Indicadores de qualidade de serviço

A rede social europeia (European Social Network) organizou em conjunto com instituições europeias nos dias 18 a 20 de Junho, em Berlim, durante a presidência alemã da EU, a conferência anual, é a 15ª, cujos temas centrais foram:
- Como podem os serviços sociais e de saúde criar uma oportunidade real para todas as pessoas em comunidades tão diversas que servem, quer sejam: jovens ou idosos, portadores de deficiência ou doença continuada ou de origens étnicas diferentes ?
- Como podem as instituições prestadoras de serviço, inovar os seus serviços e cooperar com as outras instituições nos campos, por exemplo: do emprego, da educação e dos serviços sociais gerais, trabalhando em conjunto com os sectores lucrativo e voluntário, para criar as condições certas e de acesso a todos ?
Ver no site: http://www.socialeurope.com., onde poderá tomar conhecimento das várias apresentações e debates que tiveram lugar.

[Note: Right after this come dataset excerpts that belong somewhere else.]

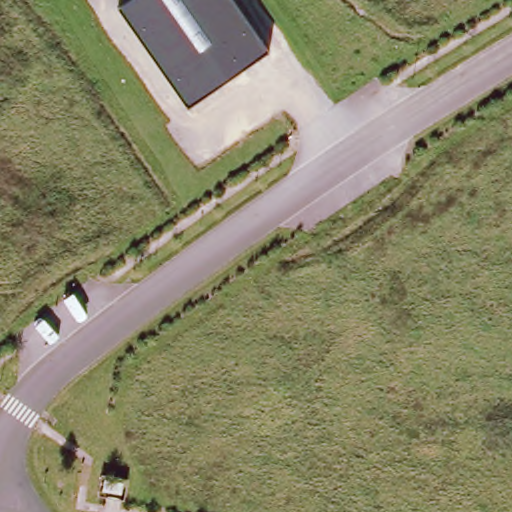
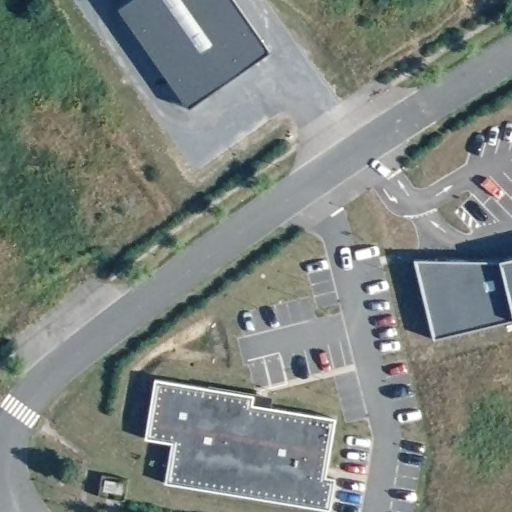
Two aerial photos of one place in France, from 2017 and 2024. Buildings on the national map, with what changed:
unchanged [(234,0),(243,14),(272,55),(241,76),(190,112),(182,101),(145,47),(120,11),(135,0),(234,0)]
new [(433,338),(413,258),(501,262),(512,308),(512,319),(433,338)]
new [(512,259),(512,308),(501,262),(512,259)]
new [(336,428),(321,512),(280,512),(151,487),(168,392),(336,428)]
unchanged [(107,474),(133,479),(130,500),(103,496),(107,474)]

Esta conferência teve a presença de mais de 400 delegados de 32 países, estando presente o Sr. Secretário de Estado da Segurança Social, Dr. Pedro Marques.

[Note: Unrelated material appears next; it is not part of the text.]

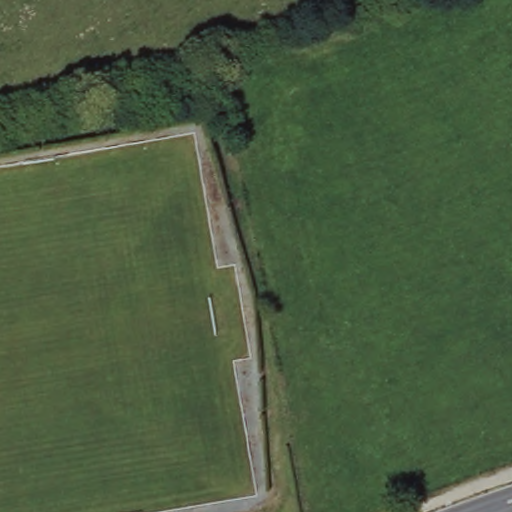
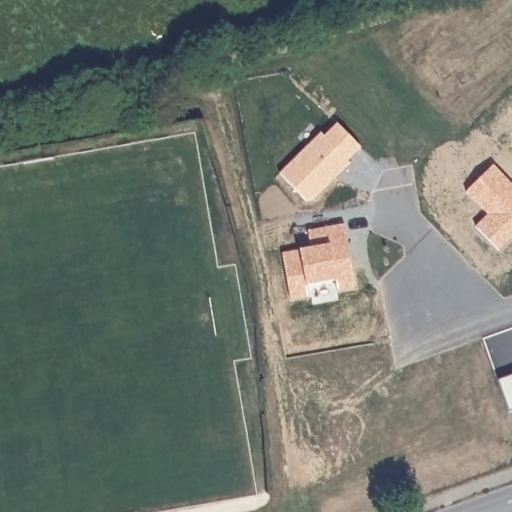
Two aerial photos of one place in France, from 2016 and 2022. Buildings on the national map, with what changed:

Gostaria de referir apenas um tema que foi muito focado nesta conferência, que considero muito importante e que, em geral, entre nós, não é tido como relevante.

“A existência de indicadores da qualidade de serviços prestados”
Como sabemos, quer a nível das instituições, quer a nível nacional em geral, a existência de indicadores de gestão é muito limitada e muito menos os indicadores de qualidade, que são os mais importantes para possibilitar uma gestão de sucesso e sobreviver neste mundo global cada vez mais complicado de entender e de nele operar, o mercado exerce uma pressão violenta sobre as pessoas.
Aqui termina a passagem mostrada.